**ASSIGNMENT**
All records that follow are to be copied exactly, with images omitted.

####################

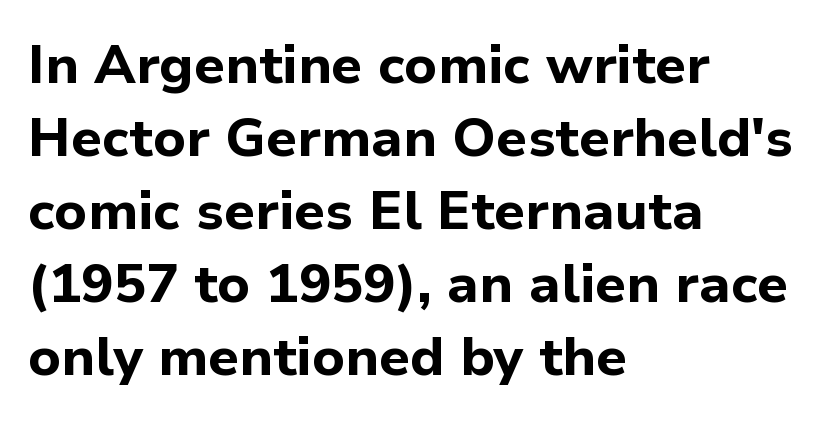
Each letter keeps its own natural width here, so spacing adapts to shape. Italic: no, the glyphs are upright roman. Spacing between characters is what you'd get straight out of the box. Notice how descenders clear the ascenders below comfortably — that's standard leading. Type without underlining.
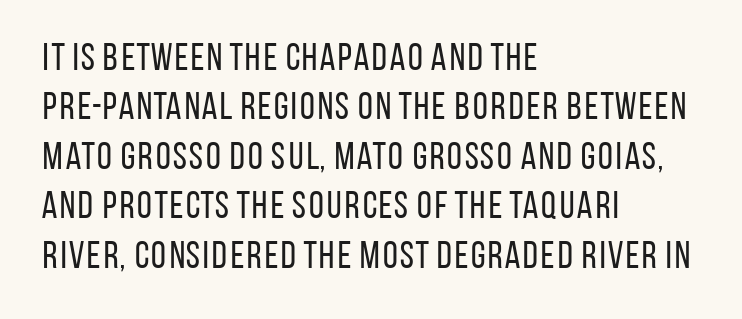
Notice how the stems are strictly vertical — no italics here. The lines in this sample share a left origin and differ only in where they stop. A light-to-regular cut is what we see here. If you measured baseline to baseline, you'd find a middling distance. Descenders hang freely into open space.
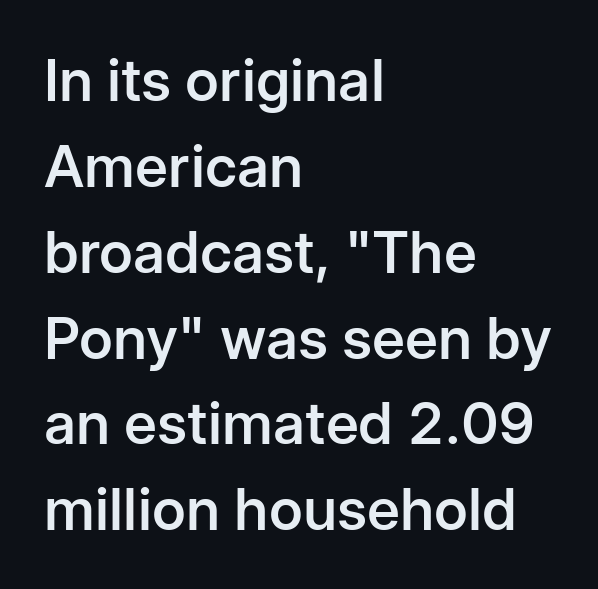
Q: Is the text bold? A: Semi-bold.
Q: Is the text italic (slanted)? A: No, it is upright.
Q: Is the typeface a serif or a sans-serif typeface? A: Sans-serif.
Q: Is the text underlined? A: No.
Q: How is the paragraph aligned? A: Left-aligned.
Q: Is the spacing between letters normal or unusually wide? A: Normal.
Q: Is the spacing between lines tight, normal or loose? A: Normal.
Q: Width (condensed, normal, or wide)? A: Normal.
Q: Stroke contrast? A: Low.
Q: x-height? A: Medium.
Q: Monospaced? A: No.
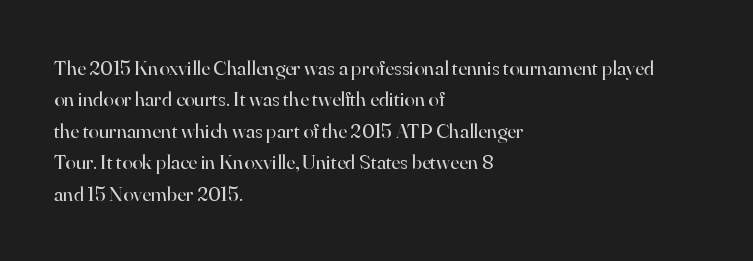
Q: Is the text bold? A: No.
Q: Is the text italic (slanted)? A: No, it is upright.
Q: Is the text underlined? A: No.
Q: How is the paragraph aligned? A: Left-aligned.
Q: Is the spacing between letters normal or unusually wide? A: Normal.
Q: Is the spacing between lines tight, normal or loose? A: Normal.
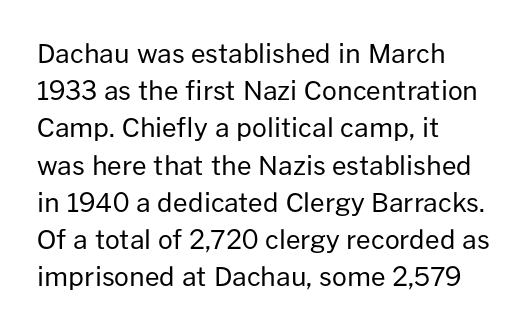
{"italic": "no", "bold": "no", "underline": "no", "align": "left", "line_spacing": "normal", "line_spacing_ratio": 1.43, "letter_spacing": "normal", "letter_spacing_em": 0.0, "glyph_px": 26}
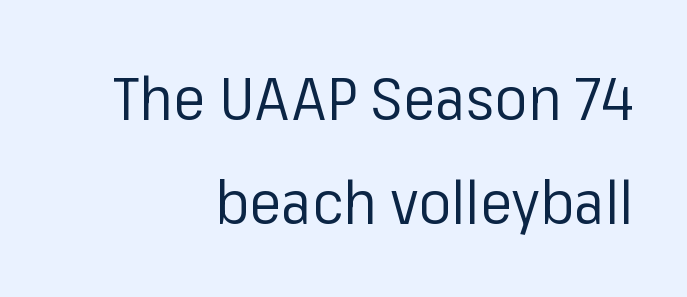
Decoration check: the copy has no underline. Is there any slant? The stems are plumb. Line endings align vertically; line beginnings do not. Weight class: somewhere from thin through regular. The horizontal fit of the characters is conventional and even.
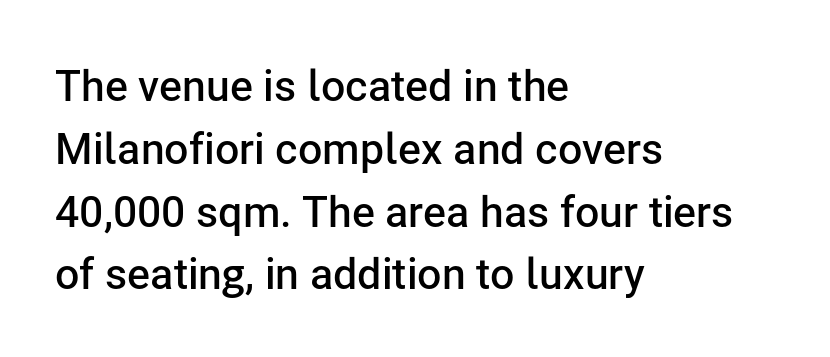
Q: Is the text bold? A: Semi-bold.
Q: Is the text italic (slanted)? A: No, it is upright.
Q: Is the typeface a serif or a sans-serif typeface? A: Sans-serif.
Q: Is the text underlined? A: No.
Q: How is the paragraph aligned? A: Left-aligned.
Q: Is the spacing between letters normal or unusually wide? A: Normal.
Q: Is the spacing between lines tight, normal or loose? A: Normal.
Q: Width (condensed, normal, or wide)? A: Normal.
Q: Stroke contrast? A: Low.
Q: x-height? A: Medium.
Q: Monospaced? A: No.
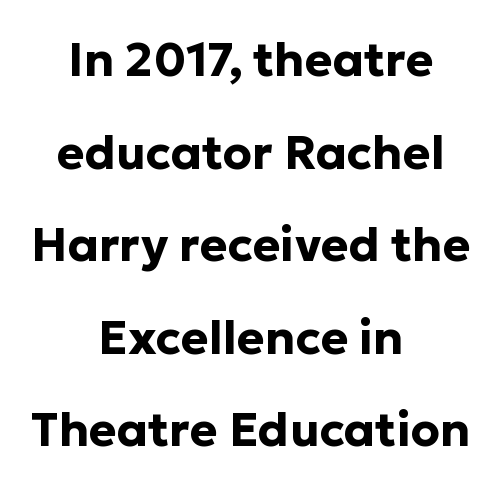
Q: Is the text bold? A: Yes.
Q: Is the text italic (slanted)? A: No, it is upright.
Q: Is the typeface a serif or a sans-serif typeface? A: Sans-serif.
Q: Is the text underlined? A: No.
Q: How is the paragraph aligned? A: Centered.
Q: Is the spacing between letters normal or unusually wide? A: Normal.
Q: Is the spacing between lines tight, normal or loose? A: Loose.
Q: Width (condensed, normal, or wide)? A: Normal.
Q: Stroke contrast? A: Low.
Q: x-height? A: Medium.
Q: Monospaced? A: No.
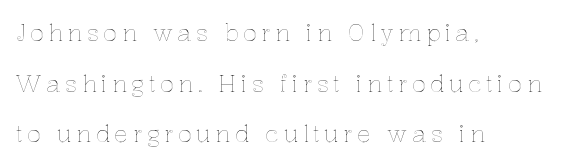
Q: Is the text italic (slanted)? A: No, it is upright.
Q: Is the text underlined? A: No.
Q: How is the paragraph aligned? A: Left-aligned.
Q: Is the spacing between letters normal or unusually wide? A: Unusually wide.
Q: Is the spacing between lines tight, normal or loose? A: Loose.

####################

**FINISHED TASK**
Each letter keeps its own natural width here, so spacing adapts to shape. Italic: no, the glyphs are upright roman. Spacing between characters is what you'd get straight out of the box. Notice how descenders clear the ascenders below comfortably — that's standard leading. Type without underlining.
Notice how the stems are strictly vertical — no italics here. The lines in this sample share a left origin and differ only in where they stop. A light-to-regular cut is what we see here. If you measured baseline to baseline, you'd find a middling distance. Descenders hang freely into open space.
Q: Is the text bold? A: Semi-bold.
Q: Is the text italic (slanted)? A: No, it is upright.
Q: Is the typeface a serif or a sans-serif typeface? A: Sans-serif.
Q: Is the text underlined? A: No.
Q: How is the paragraph aligned? A: Left-aligned.
Q: Is the spacing between letters normal or unusually wide? A: Normal.
Q: Is the spacing between lines tight, normal or loose? A: Normal.
Q: Width (condensed, normal, or wide)? A: Normal.
Q: Stroke contrast? A: Low.
Q: x-height? A: Medium.
Q: Monospaced? A: No.
Q: Is the text bold? A: No.
Q: Is the text italic (slanted)? A: No, it is upright.
Q: Is the text underlined? A: No.
Q: How is the paragraph aligned? A: Left-aligned.
Q: Is the spacing between letters normal or unusually wide? A: Normal.
Q: Is the spacing between lines tight, normal or loose? A: Normal.
{"italic": "no", "bold": "no", "underline": "no", "align": "left", "line_spacing": "normal", "line_spacing_ratio": 1.43, "letter_spacing": "normal", "letter_spacing_em": 0.0, "glyph_px": 26}
Decoration check: the copy has no underline. Is there any slant? The stems are plumb. Line endings align vertically; line beginnings do not. Weight class: somewhere from thin through regular. The horizontal fit of the characters is conventional and even.
Q: Is the text bold? A: Semi-bold.
Q: Is the text italic (slanted)? A: No, it is upright.
Q: Is the typeface a serif or a sans-serif typeface? A: Sans-serif.
Q: Is the text underlined? A: No.
Q: How is the paragraph aligned? A: Left-aligned.
Q: Is the spacing between letters normal or unusually wide? A: Normal.
Q: Is the spacing between lines tight, normal or loose? A: Normal.
Q: Width (condensed, normal, or wide)? A: Normal.
Q: Stroke contrast? A: Low.
Q: x-height? A: Medium.
Q: Monospaced? A: No.
Q: Is the text bold? A: Yes.
Q: Is the text italic (slanted)? A: No, it is upright.
Q: Is the typeface a serif or a sans-serif typeface? A: Sans-serif.
Q: Is the text underlined? A: No.
Q: How is the paragraph aligned? A: Centered.
Q: Is the spacing between letters normal or unusually wide? A: Normal.
Q: Is the spacing between lines tight, normal or loose? A: Loose.
Q: Width (condensed, normal, or wide)? A: Normal.
Q: Stroke contrast? A: Low.
Q: x-height? A: Medium.
Q: Monospaced? A: No.
Q: Is the text italic (slanted)? A: No, it is upright.
Q: Is the text underlined? A: No.
Q: How is the paragraph aligned? A: Left-aligned.
Q: Is the spacing between letters normal or unusually wide? A: Unusually wide.
Q: Is the spacing between lines tight, normal or loose? A: Loose.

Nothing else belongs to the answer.